The superior cistern (cistern of great cerebral vein, quadrigeminal cistern, Bichat's canal) is a dilation as a subarachnoid cistern of the subarachnoid space around the brain. It lies between the splenium of the corpus callosum and the superior surface of the cerebellum. It extends between the layers of the tela choroidea of the third ventricle. It contains the great cerebral vein, posterior cerebral artery, quadrigeminal artery, glossopharyngeal nerve (CN IX), and the pineal gland.

Structure 
The superior cistern is a dilatation as a subarachnoid cistern of the subarachnoid space around the brain. It lies between the splenium of the corpus callosum (superiorly), the cerebellar vermis (inferiorly and posteriorly), and the tentorial margin. It lies medial to part of the medial occipital cortex. It extends between the layers of the tela choroidea of the third ventricle.

Contents 
The superior cistern contains a number of important structures, including:

 the great cerebral vein. This lies superiorly, and helps to form its superior wall.
 parts of the posterior cerebral artery.
 parts of the quadrigeminal artery.
 the exit of the glossopharyngeal nerve (CN IX).
 the pineal gland.

Clinical significance 
Arteriovenous malformations of the great cerebral vein can create an enlarged pouch of vein in the superior cistern.
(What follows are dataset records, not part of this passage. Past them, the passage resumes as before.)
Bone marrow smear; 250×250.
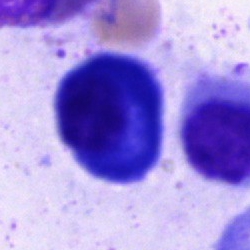
Q: What is the morphological classification of this cell?
A: Plasma cell.
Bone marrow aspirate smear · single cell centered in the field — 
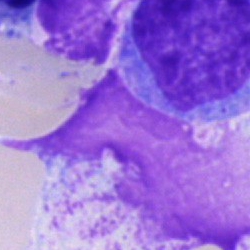
Q: What is shown here?
A: Artifact.
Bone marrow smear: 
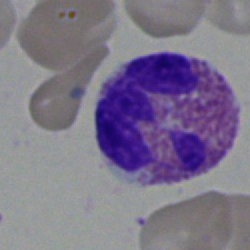Single cell identified as an eosinophilic granulocyte.
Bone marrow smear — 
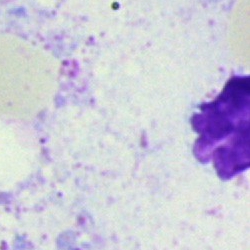

Single cell identified as an artifact.

This is derived from the prosencephalic vein present during prenatal development. This can be diagnosed soon after birth. Medical ultrasound may be used, where it displaces the third ventricle. Angiography may also be used.

The superior cistern may be opened during neurosurgery. This is used in order to access deeper brain structures, such as the superior colliculus.

History 
The superior cistern may also be known as the cistern of great cerebral vein, the quadrigeminal cistern, and Bichat's canal.